Each entry below should be written out exactly as it is, with no pictures.

[Stored items]
=== Begin Enclosure ===
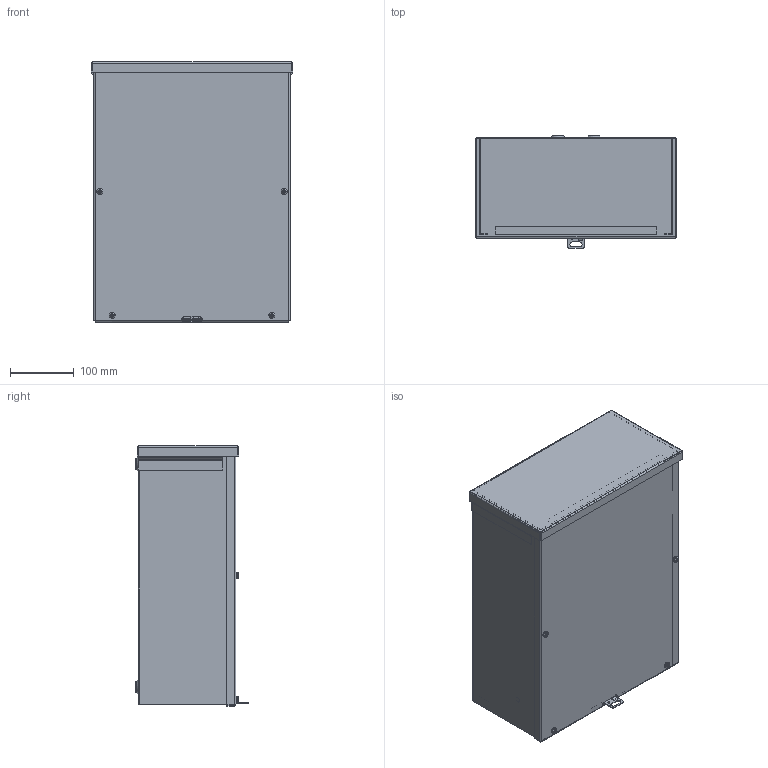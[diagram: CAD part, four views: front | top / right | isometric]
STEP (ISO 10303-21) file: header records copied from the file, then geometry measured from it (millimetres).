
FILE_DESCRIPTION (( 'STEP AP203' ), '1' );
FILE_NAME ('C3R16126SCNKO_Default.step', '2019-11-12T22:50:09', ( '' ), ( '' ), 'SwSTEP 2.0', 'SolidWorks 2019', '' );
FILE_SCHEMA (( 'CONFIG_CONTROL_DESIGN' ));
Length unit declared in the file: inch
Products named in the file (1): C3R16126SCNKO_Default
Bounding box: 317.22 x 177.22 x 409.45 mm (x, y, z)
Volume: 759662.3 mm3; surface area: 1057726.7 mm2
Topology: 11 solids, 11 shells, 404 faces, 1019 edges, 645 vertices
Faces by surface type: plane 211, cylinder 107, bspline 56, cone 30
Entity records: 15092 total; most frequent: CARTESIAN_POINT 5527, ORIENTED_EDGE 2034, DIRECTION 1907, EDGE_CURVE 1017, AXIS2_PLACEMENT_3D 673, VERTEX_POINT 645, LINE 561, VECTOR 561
=== End Enclosure ===
**RESPONSE**:
[diagram: CAD part, four views: front | top / right | isometric]
STEP (ISO 10303-21) file: header records copied from the file, then geometry measured from it (millimetres).
FILE_DESCRIPTION (( 'STEP AP203' ), '1' );
FILE_NAME ('C3R16126SCNKO_Default.step', '2019-11-12T22:50:09', ( '' ), ( '' ), 'SwSTEP 2.0', 'SolidWorks 2019', '' );
FILE_SCHEMA (( 'CONFIG_CONTROL_DESIGN' ));
Length unit declared in the file: inch
Products named in the file (1): C3R16126SCNKO_Default
Bounding box: 317.22 x 177.22 x 409.45 mm (x, y, z)
Volume: 759662.3 mm3; surface area: 1057726.7 mm2
Topology: 11 solids, 11 shells, 404 faces, 1019 edges, 645 vertices
Faces by surface type: plane 211, cylinder 107, bspline 56, cone 30
Entity records: 15092 total; most frequent: CARTESIAN_POINT 5527, ORIENTED_EDGE 2034, DIRECTION 1907, EDGE_CURVE 1017, AXIS2_PLACEMENT_3D 673, VERTEX_POINT 645, LINE 561, VECTOR 561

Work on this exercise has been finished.